The full requirements are simple:
gs://open-targets-gwas-summary-stats/raw_harmonized/
@DSuveges and I prototyped a script that uploads all summary stats through a gsutil rsync
command in the SLURM queue of the EBI cluster. Parallelised in 16 cores within the same node it runs at approximately 0.6 Gbytes/sec which is more than enough.

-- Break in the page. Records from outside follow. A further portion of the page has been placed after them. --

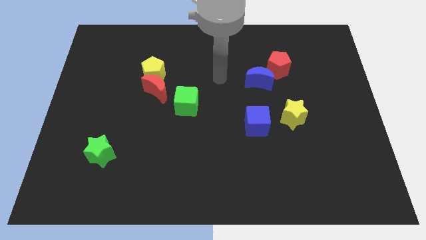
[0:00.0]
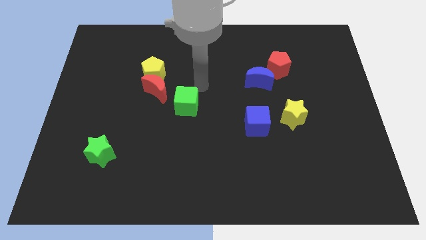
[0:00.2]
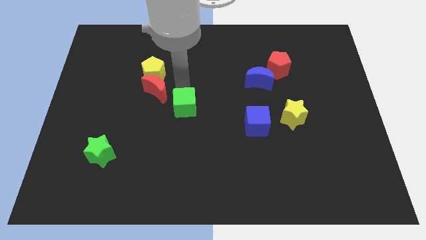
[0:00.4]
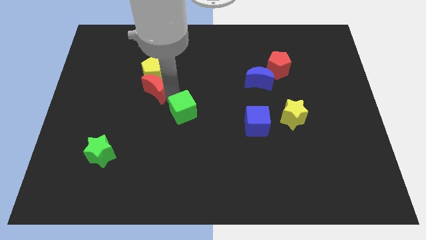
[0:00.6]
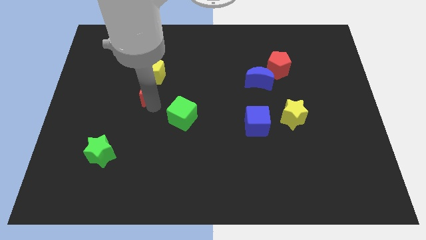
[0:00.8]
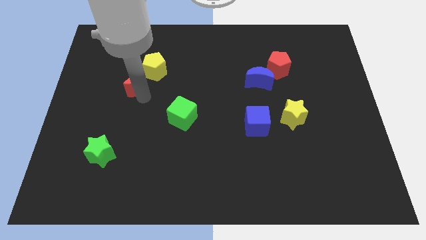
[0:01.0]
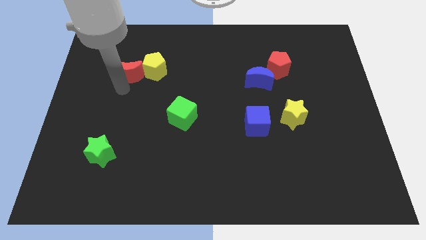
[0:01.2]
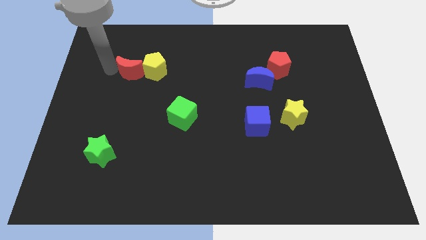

The rsync job excludes unnecessary files and uses the default option (timestamp instead of checksum). Moving this job to a SLURM cron would solve most of our issues. We'll wait for @mbdebian feedback. In the meantime, we have a copy of the harmonised sum stats that we can use to unblock other tasks.
P.S. We had a lot of headaches with the exclusion regexp. The same pattern behaves differently due to something we could not identify in the environment. It worked here as a simple script with local google SDK binaries, but not on Manuel's singularity image.
The current implementation of how the summary stats ingestion is going is quite inefficient.... although we might be able to save time on computation, the daily few hundred ingested summary stats won't scale (thinking about the upcoming flood of summary statistics). We need to explore option to move the data out of nfs faster.
Option 1 - Using data transfer google jobs
It's all on us. However we need to rely on ftp/https transfer speeds, which might not be too efficient. We need to assemble and update the file lists.
Option 2 - Copy files as datamover job
Still partially depends on ebi infra. Not too many jobs at a time. I assume way faster transfer times (there are failing due to termlimit, however never due to transfer). Still limited number of concurrent transfers due to job limitation.
Option 3 - from ftp on VM
Scripting up the downloads to google VMs from ftp, then move to google buckets. It might be solvable as a single step if bucket is directly mounted to VM.
@mbdebian , What are your opininons on this? I know you have invested quite a bit of time to write the very sophisticated tracking of study processing, but for option2, we can use at least some of this. Honestly, I think that could be the fastest.